There are plenty of instances of this bug being brought up on the mailing list. One of them is already linked elsewhere in this discussion, and the btrfs status page (also linked from this discussion) has further mailing list links.
Basically, btrfs doesn't want to allow a writeable mount when it might be missing some data. If there's some data on the FS that isn't stored with the RAID1 profile, then the kernel can't safely assume that the missing drive didn't have more chunks like that, holding data that wasn't mirrored on one of the surviving drives. But it's currently not possible to convert from RAID1 to non-RAID or to rebuild the array with a replacement without mounting the degraded array as writeable, which leads to non-RAID data being written. That puts the FS in a state that cannot be automatically judged safe at mount time, and the FS remains in that state until the recovery is complete (either converting from RAID1 to non-RAID, or replacing the failed drive).
There's no easy way to require the user to specify at the time of the `mount -o degraded,rw` whether they intend to resolve the situation by ceasing to use RAID1 or by replacing the failed drive. That leaves users with the opportunity to do neither and instead make the situation worse.
Thanks for the explanation. I was hoping for a Github issue number (or Bugzilla or whatever) to easily track this bug, but perhaps the Btrfs dev team doesn't work with issue number ?
At least for RAID1, it seems that implementing RAID1 N-way mirroring would ease the process to recover from a failed drive.
In case of drive failure, we could use the remaining drive in read-only mode to copy the data to a new drive, hence creating a RAID1 array with two working drives and one failed drive.
The OS should then allow to boot in rw mode, and from there it is easy to remove the failed drive from the RAID1 array.
However it seems that RAID1 N-way mirroring (with N > 2) is not even on the roadmap at this moment.
Have I misunderstood something or does this approach make sense ?
You can do RAID1 with more than two drives, but you'll only get two copies of each chunk of data. In this scenario, when one drive dies you can still write new data in RAID1 to the remaining space on the surviving drives, so mounting the FS writeable in degraded mode doesn't risk leaving the FS in a state where the safety is hard to determine on the next mount. If space permits, you can also rebalance before even shutting down to remove the failed drive, also avoiding the corner case.
Being able to do N-way mirroring with three or more copies of the data would be nice, but it's not necessary; 2-way mirroring across 3 or more drives is sufficient, and the hot spare feature will be more widely useful.

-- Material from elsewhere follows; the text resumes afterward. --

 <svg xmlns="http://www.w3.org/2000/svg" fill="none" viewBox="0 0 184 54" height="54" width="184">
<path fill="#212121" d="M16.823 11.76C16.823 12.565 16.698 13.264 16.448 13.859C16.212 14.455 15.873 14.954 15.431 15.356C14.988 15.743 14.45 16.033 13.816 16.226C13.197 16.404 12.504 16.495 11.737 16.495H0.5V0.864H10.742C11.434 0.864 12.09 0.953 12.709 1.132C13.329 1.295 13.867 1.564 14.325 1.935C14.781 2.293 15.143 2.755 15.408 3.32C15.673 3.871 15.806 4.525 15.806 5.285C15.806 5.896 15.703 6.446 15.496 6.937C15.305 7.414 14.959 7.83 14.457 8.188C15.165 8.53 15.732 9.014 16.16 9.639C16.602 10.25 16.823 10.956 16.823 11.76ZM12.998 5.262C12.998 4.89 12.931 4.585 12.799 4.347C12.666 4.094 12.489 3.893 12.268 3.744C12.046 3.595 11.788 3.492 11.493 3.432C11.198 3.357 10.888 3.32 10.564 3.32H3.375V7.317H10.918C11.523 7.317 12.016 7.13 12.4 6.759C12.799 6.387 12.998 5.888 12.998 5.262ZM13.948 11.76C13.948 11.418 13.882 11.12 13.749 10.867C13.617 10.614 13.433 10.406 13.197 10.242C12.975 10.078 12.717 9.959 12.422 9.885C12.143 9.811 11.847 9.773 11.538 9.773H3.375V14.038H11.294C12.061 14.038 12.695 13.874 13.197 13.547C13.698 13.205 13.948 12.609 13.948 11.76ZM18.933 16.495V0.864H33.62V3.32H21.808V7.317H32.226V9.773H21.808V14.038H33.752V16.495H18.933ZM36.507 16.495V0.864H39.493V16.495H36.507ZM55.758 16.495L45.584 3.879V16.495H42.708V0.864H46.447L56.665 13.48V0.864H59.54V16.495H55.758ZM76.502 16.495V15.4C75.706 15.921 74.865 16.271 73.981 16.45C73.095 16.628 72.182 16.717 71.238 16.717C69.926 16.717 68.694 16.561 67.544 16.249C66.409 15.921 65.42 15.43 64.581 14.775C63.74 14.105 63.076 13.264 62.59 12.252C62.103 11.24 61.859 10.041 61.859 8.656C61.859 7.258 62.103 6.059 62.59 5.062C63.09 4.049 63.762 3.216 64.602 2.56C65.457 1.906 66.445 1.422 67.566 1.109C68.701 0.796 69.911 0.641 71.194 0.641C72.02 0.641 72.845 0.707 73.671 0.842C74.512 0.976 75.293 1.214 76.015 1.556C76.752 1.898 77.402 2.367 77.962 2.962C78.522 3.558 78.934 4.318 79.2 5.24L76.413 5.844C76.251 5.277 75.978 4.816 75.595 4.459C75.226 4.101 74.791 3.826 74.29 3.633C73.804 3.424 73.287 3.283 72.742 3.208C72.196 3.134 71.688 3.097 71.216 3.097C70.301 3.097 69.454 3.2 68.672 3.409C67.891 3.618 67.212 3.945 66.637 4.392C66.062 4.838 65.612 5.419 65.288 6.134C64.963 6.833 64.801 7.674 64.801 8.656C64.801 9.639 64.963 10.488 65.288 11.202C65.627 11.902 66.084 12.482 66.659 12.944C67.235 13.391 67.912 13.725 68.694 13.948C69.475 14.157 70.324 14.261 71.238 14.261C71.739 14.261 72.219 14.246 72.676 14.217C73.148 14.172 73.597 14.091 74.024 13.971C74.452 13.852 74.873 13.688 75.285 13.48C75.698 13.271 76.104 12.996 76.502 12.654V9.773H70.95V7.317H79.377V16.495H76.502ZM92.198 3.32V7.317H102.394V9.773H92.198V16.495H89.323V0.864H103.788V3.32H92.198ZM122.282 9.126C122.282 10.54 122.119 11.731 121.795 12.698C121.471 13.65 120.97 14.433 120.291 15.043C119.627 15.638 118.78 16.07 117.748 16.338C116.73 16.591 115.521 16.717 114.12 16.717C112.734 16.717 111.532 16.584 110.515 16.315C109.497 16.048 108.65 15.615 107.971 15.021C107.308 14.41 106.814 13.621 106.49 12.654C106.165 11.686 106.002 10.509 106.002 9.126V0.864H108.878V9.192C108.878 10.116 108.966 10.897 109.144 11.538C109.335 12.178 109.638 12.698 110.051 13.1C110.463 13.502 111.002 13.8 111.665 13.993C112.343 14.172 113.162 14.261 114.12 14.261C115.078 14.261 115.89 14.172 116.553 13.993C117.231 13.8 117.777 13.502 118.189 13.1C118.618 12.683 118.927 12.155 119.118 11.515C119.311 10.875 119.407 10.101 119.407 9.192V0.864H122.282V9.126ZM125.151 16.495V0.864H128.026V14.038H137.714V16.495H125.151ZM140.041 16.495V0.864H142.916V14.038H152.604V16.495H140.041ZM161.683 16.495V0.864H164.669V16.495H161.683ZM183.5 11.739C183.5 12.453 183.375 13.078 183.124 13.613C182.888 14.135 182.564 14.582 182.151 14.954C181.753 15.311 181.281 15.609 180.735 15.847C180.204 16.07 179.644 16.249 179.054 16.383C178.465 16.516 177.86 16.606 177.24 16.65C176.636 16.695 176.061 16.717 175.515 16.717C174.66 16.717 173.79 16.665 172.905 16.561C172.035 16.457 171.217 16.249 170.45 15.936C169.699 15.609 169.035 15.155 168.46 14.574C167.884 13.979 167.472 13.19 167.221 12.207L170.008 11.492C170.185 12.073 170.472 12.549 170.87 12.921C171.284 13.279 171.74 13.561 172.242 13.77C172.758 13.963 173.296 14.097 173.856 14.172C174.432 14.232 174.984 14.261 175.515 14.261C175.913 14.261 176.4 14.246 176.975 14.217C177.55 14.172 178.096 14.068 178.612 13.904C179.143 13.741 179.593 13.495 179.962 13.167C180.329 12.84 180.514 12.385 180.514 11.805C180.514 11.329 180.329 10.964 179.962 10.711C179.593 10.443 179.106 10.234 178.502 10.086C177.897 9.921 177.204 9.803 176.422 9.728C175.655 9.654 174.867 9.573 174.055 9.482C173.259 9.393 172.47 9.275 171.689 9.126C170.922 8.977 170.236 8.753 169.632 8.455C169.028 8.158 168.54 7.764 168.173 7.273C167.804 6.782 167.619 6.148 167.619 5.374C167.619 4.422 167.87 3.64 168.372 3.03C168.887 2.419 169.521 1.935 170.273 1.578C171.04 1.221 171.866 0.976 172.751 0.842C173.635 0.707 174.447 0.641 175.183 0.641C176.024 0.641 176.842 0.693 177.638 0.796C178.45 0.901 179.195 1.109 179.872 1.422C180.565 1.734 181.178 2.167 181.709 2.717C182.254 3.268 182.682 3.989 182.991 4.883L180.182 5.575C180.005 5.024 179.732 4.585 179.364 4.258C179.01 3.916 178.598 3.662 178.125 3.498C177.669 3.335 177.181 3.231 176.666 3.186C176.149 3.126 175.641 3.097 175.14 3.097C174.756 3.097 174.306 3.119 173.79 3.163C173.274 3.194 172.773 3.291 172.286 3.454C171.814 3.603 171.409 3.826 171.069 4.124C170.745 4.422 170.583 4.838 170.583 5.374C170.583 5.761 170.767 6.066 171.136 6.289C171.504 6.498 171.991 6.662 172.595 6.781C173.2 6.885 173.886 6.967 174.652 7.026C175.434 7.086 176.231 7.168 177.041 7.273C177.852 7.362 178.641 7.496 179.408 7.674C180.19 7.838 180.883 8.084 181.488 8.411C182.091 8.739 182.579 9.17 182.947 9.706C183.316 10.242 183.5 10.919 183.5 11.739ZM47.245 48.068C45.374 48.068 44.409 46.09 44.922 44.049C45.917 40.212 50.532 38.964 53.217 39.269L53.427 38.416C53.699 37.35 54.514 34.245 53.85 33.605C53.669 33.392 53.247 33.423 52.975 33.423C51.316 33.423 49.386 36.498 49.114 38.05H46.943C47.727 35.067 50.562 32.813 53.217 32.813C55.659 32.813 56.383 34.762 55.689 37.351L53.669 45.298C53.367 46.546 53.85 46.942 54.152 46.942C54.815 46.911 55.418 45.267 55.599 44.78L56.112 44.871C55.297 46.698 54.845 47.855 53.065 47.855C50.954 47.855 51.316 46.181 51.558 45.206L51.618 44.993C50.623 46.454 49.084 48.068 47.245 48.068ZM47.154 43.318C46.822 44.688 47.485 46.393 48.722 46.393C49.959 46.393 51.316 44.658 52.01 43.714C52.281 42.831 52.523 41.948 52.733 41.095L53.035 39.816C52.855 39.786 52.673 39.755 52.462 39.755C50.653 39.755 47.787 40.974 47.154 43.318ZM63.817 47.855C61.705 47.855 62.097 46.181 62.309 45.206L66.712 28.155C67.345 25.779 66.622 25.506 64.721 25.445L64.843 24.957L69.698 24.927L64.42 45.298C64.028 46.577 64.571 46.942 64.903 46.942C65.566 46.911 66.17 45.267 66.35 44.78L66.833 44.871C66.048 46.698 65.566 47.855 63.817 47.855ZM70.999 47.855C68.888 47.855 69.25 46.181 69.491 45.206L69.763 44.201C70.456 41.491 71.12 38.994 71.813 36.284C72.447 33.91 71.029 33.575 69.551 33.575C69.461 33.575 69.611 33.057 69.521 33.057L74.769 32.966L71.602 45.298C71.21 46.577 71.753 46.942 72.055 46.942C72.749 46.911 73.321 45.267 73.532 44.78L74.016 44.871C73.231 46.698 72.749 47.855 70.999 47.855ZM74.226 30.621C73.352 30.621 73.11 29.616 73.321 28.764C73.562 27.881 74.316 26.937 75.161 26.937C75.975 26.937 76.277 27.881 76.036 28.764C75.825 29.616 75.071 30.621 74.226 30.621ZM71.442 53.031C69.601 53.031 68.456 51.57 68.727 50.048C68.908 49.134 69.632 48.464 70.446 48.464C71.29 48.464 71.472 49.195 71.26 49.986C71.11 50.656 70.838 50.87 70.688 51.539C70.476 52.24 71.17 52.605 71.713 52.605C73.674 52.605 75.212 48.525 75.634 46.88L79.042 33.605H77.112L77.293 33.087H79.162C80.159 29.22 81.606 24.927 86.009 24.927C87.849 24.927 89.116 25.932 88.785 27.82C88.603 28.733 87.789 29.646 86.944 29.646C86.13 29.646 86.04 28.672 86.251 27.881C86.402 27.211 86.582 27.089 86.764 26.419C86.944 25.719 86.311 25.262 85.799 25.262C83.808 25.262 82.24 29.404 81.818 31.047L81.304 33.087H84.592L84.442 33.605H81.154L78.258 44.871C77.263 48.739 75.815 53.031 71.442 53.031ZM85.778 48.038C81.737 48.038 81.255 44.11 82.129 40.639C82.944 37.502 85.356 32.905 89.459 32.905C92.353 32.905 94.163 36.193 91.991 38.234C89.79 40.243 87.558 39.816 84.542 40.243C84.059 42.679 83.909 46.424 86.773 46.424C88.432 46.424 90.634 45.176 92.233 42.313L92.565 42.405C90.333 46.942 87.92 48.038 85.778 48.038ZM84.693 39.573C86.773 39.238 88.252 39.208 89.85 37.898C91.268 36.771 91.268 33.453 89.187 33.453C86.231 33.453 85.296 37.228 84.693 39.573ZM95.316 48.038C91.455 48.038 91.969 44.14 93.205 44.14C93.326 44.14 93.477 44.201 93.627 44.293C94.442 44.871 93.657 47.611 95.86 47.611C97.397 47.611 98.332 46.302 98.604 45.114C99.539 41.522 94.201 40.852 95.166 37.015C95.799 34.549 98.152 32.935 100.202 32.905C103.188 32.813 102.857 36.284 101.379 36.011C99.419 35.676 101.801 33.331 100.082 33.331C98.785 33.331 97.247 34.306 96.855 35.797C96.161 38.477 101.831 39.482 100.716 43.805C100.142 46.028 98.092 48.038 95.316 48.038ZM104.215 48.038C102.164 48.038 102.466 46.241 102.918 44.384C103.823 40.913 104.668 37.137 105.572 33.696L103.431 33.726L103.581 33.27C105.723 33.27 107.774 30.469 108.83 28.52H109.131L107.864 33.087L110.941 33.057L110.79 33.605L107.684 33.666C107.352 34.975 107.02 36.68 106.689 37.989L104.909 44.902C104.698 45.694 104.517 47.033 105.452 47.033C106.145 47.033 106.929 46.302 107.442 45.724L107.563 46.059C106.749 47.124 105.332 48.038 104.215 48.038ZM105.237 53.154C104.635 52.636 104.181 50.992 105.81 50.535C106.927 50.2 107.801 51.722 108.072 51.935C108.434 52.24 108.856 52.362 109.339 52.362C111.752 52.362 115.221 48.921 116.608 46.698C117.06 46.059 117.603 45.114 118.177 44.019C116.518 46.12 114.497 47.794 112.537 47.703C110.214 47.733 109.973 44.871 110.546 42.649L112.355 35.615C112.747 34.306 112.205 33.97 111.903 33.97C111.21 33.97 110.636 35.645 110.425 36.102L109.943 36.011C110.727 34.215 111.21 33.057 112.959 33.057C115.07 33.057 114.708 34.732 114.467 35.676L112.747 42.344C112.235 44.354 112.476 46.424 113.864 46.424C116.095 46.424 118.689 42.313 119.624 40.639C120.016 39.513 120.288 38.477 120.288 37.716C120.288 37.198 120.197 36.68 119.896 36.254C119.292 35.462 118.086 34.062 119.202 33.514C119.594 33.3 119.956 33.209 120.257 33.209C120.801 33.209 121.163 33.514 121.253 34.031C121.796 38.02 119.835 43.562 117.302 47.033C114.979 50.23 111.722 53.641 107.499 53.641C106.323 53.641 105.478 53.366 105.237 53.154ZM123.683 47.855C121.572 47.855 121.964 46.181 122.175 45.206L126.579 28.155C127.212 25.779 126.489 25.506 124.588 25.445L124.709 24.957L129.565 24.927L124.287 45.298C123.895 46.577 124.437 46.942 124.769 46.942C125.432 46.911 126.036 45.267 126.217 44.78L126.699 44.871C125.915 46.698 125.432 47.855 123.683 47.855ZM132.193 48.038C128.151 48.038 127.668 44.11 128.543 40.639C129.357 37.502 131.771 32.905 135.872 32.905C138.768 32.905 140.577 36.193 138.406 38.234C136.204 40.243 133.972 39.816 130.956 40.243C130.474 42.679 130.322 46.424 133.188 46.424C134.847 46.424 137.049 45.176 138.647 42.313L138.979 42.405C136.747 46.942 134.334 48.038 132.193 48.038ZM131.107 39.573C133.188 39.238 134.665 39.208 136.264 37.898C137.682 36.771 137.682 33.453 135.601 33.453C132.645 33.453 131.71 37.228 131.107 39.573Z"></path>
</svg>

I was referring to this sequence of events:
1) 2-way mirroring across 2 drives
2) one drive fails
3) buy and plug a new drive
4) rebalance to have 3-way mirroring across 3 drives (with one being out): this is currently not possible
5) remove the failed drive, ending with 2-way mirroring across 2 drives
But it seems that you are referring to:
1) 2-way mirroring across 3 drives
2) one drive fails
3) rebalance to have 2-way mirroring across the 2 working drives
4) remove the failed drive, ending with 2-way mirroring across 2 drives
I assume that people don't/won't start the initial RAID1 with 3 drives.
Anyway, I would find 3-way mirroring across 3 drives very useful as it gives a simple identical foolproof process to replace a faulty hard drive, whether it has just a few corrupted data (but still readable) or have completely failed : just plug a new drive, rebalance, reboot and remove the defective drive.

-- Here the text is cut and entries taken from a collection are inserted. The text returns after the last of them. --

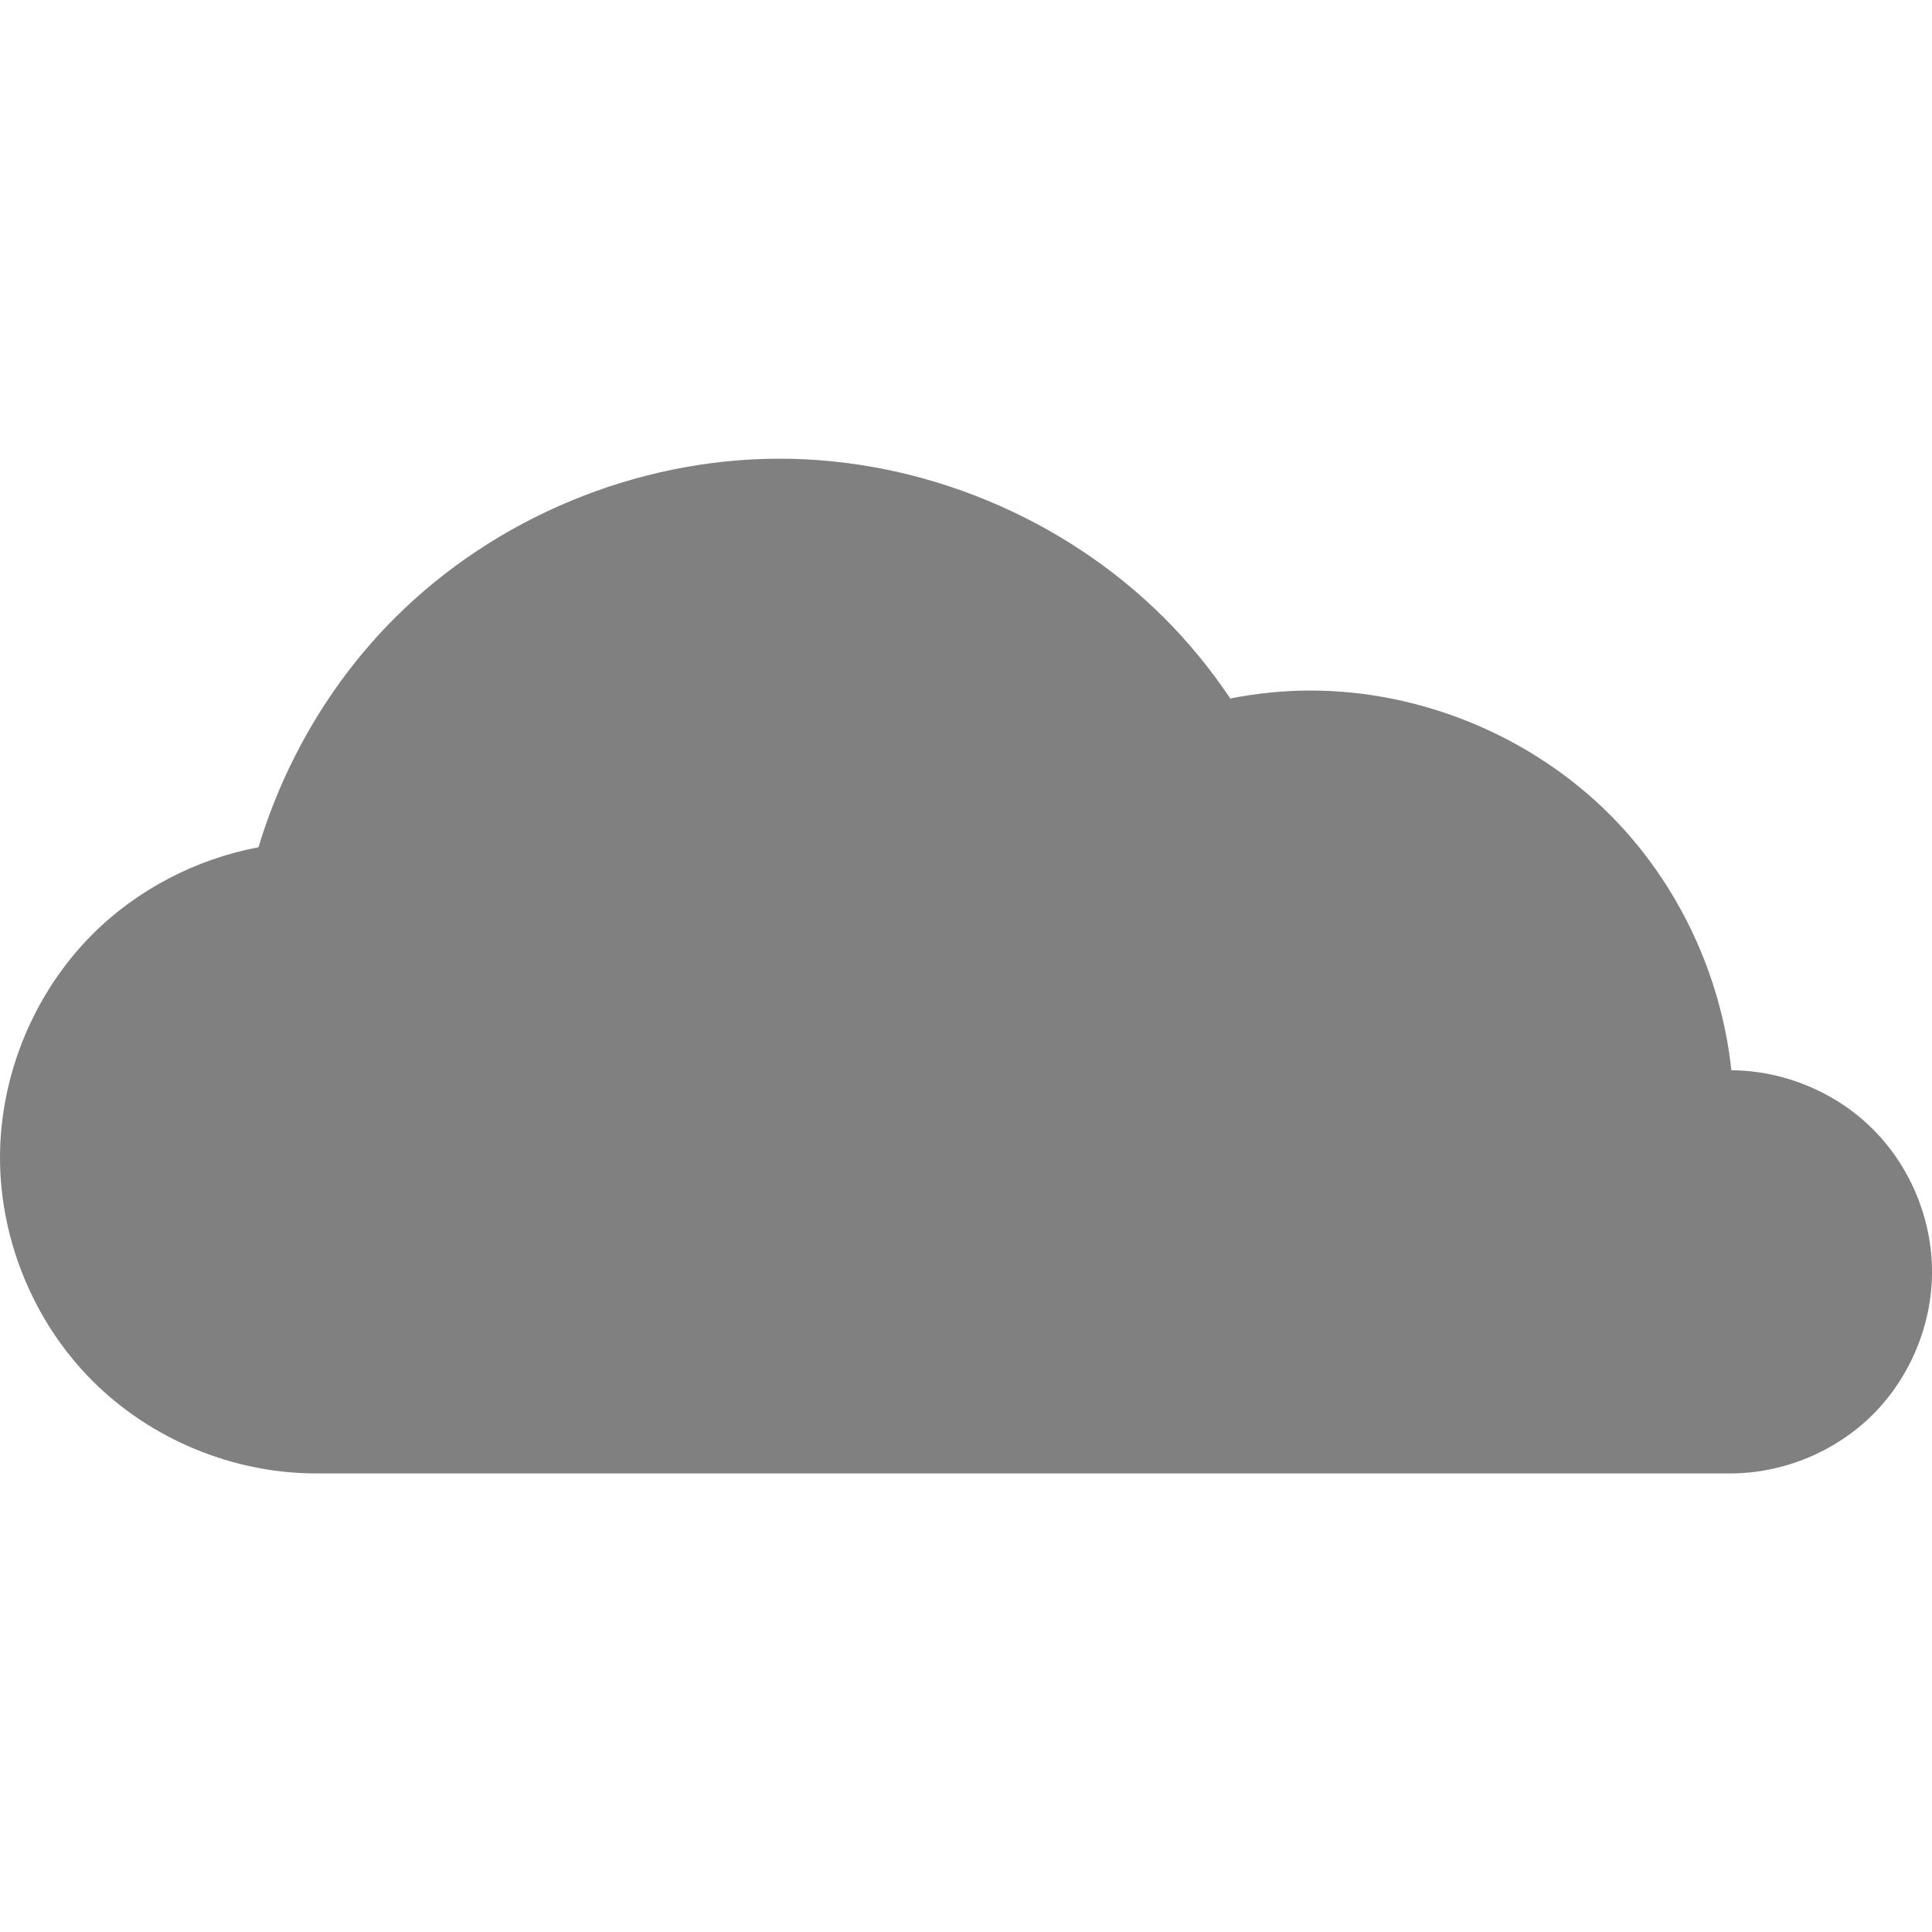 <?xml version="1.0" encoding="UTF-8"?>
<svg width="72.249mm" height="72.249mm" version="1.1" viewBox="0 0 256 256" xmlns="http://www.w3.org/2000/svg">
<g transform="translate(-362.55 -406.21)">
<path d="m465.84 466.99c-18.882 0-37.65 7.775-51.002 21.127-8.412 8.412-14.604 18.973-18.038 30.358-8.254 1.558-16.049 5.587-21.993 11.53-7.747 7.747-12.257 18.633-12.257 29.59 0 10.956 4.51 21.846 12.257 29.593 7.747 7.747 18.637 12.257 29.593 12.257h187.44c6.994 0 13.945-2.877 18.89-7.822 4.945-4.945 7.823-11.897 7.823-18.891s-2.877-13.942-7.823-18.887c-4.915-4.915-11.812-7.784-18.762-7.819-1.356-12.671-7.097-24.867-16.115-33.885-10.385-10.385-24.98-16.431-39.666-16.431-3.566 0-7.123 0.366-10.619 1.054-2.558-3.817-5.471-7.395-8.723-10.647-13.352-13.352-32.119-21.127-51.002-21.127z" color="#000000" color-rendering="auto" fill="#808080" image-rendering="auto" shape-rendering="auto"/>
</g>
</svg>

> rebalance to have 3-way mirroring across 3 drives (with one being out): this is currently not possible
I'm not sure this even has meaning. But anyways, it's probably pointless to try to kick off a rebalance when the FS is still trying to use a dead drive. Either use the device replace command (which isn't stable yet), or tell btrfs to delete the dead drive then add the replacement drive. If the problem drive is failing but not completely dead yet, then the device replace command is supposed to move data over with a minimum of excess changes to drives other than the ones being removed and added. But the device replace command doesn't properly handle drives with bad sectors yet, so the separate remove and add actions are more reliable albeit slower and put more work on the other drives in the array.
Basically, btrfs doesn't want to allow a writeable mount when it might be missing some data. If there's some data on the FS that isn't stored with the RAID1 profile, then the kernel can't safely assume that the missing drive didn't have more chunks like that, holding data that wasn't mirrored on one of the surviving drives. But it's currently not possible to convert from RAID1 to non-RAID or to rebuild the array with a replacement without mounting the degraded array as writeable, which leads to non-RAID data being written. That puts the FS in a state that cannot be automatically judged safe at mount time, and the FS remains in that state until the recovery is complete (either converting from RAID1 to non-RAID, or replacing the failed drive).
There's no easy way to require the user to specify at the time of the `mount -o degraded,rw` whether they intend to resolve the situation by ceasing to use RAID1 or by replacing the failed drive. That leaves users with the opportunity to do neither and instead make the situation worse.